When using spark dataframe, when the cast( ) function was called as decimal(38,16), however, as a result, it calculated not up to 16 decimal places, but up to 14 characters and filled the rest with zeros
The code of the unit is presented below:
avg(
when((col("a.is_debtor") == 1) & (col("a.is_kk") == 0) & (col("a.is_open") == 0),
datediff(col("a.date_end_plan"), col("a.date_end_fact")) / (365.25 / 12)
)
).cast(DecimalType(38, 20)).alias("loan_avg_plan_fact_closed_mm_cnt")
As a result , the following result is output:
|loan_avg_plan_fact_closed_mm_cnt|
+--------------------------------+
|19.3593429158110900
+--------------------------------+
However, the result should look like this:
|loan_avg_plan_fact_closed_mm_cnt|
+--------------------------------+
|19.3593429158110870
+--------------------------------+
I tried to put CAST in any possible place in the code, but to no avail. Interestingly, if you remove the division by (365.25/ 12), the result will be correct.Please help me, I have been struggling with this error for a week
You've likely already identified the problem, proving it would be difficult without a sample reproducible case.
(365.12/12) is a DoubleType not a DecimalType. Convert it to a Decimal with another cast around it of 38,20 to keep everything Decimal.
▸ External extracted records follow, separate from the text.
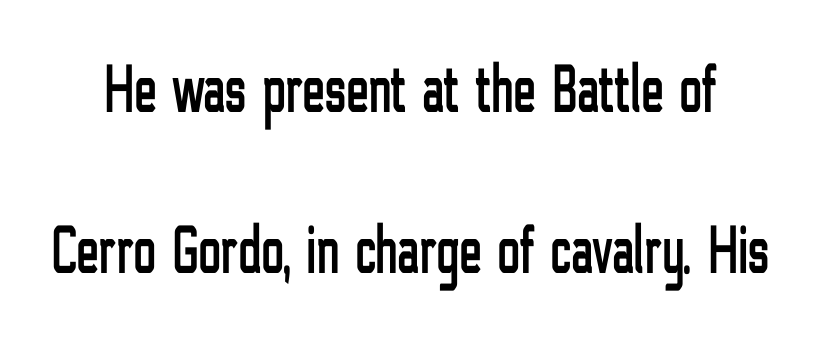
Q: Is the text italic (slanted)? A: No, it is upright.
Q: Is the typeface a serif or a sans-serif typeface? A: Sans-serif.
Q: Is the text underlined? A: No.
Q: Is the spacing between letters normal or unusually wide? A: Normal.
Q: Is the spacing between lines tight, normal or loose? A: Loose.
Q: Width (condensed, normal, or wide)? A: Condensed.
Q: Stroke contrast? A: Low.
Q: x-height? A: Medium.
Q: Monospaced? A: No.

If this isn't the solution your best best is to show the actual expression used (sometimes the string df.explain(true) is enough), use a debug on the DF and look through the query plans, this will show where casts are being added. Often you'll see extra casts added around your casts by some of the Spark internal rules on decimal handling (e.g. to prevent overflows etc.). These have also changed as part of 3.4.